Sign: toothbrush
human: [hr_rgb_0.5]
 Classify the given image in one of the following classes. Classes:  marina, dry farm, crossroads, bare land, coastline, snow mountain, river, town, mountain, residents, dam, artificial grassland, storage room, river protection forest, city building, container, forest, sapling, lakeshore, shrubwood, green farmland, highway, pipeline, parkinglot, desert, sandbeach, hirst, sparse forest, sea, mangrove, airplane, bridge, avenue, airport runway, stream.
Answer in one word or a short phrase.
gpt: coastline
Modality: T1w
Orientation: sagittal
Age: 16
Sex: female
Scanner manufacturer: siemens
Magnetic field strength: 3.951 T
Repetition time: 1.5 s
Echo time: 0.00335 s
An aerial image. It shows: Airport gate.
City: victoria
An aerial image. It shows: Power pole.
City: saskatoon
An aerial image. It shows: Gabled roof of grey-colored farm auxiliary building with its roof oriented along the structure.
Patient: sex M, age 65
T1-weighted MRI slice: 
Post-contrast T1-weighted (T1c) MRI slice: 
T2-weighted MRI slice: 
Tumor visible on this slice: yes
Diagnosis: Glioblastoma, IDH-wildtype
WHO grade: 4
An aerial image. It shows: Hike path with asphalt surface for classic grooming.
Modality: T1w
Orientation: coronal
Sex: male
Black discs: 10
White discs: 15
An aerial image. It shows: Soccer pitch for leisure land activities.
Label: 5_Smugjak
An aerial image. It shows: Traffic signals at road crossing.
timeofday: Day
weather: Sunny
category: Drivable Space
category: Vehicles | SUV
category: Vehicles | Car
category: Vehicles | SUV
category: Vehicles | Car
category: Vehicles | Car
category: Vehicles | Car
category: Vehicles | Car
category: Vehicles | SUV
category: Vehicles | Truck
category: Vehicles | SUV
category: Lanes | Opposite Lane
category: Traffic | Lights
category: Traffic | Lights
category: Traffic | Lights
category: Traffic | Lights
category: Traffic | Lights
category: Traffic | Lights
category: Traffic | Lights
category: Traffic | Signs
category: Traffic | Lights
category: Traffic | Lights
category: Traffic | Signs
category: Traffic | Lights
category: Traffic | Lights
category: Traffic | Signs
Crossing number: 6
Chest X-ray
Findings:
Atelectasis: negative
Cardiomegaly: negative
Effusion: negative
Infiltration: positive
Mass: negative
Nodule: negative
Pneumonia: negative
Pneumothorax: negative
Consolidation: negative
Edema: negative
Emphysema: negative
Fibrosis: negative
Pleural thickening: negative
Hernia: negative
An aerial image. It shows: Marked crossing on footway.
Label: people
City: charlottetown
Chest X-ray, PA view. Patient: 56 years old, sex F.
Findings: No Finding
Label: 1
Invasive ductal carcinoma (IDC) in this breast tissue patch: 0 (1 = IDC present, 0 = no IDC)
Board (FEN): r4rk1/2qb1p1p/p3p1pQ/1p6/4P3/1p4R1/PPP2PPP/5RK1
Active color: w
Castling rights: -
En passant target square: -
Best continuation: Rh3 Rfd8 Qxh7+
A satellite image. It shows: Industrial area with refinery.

| Exercise description |
Find where the line with "Patient: sex M, age 65" sits in the material above, then copy exactly from it through the line with "weather: Sunny". Add no other line.

| Written solution |
Patient: sex M, age 65
T1-weighted MRI slice: 
Post-contrast T1-weighted (T1c) MRI slice: 
T2-weighted MRI slice: 
Tumor visible on this slice: yes
Diagnosis: Glioblastoma, IDH-wildtype
WHO grade: 4
An aerial image. It shows: Hike path with asphalt surface for classic grooming.
Modality: T1w
Orientation: coronal
Sex: male
Black discs: 10
White discs: 15
An aerial image. It shows: Soccer pitch for leisure land activities.
Label: 5_Smugjak
An aerial image. It shows: Traffic signals at road crossing.
timeofday: Day
weather: Sunny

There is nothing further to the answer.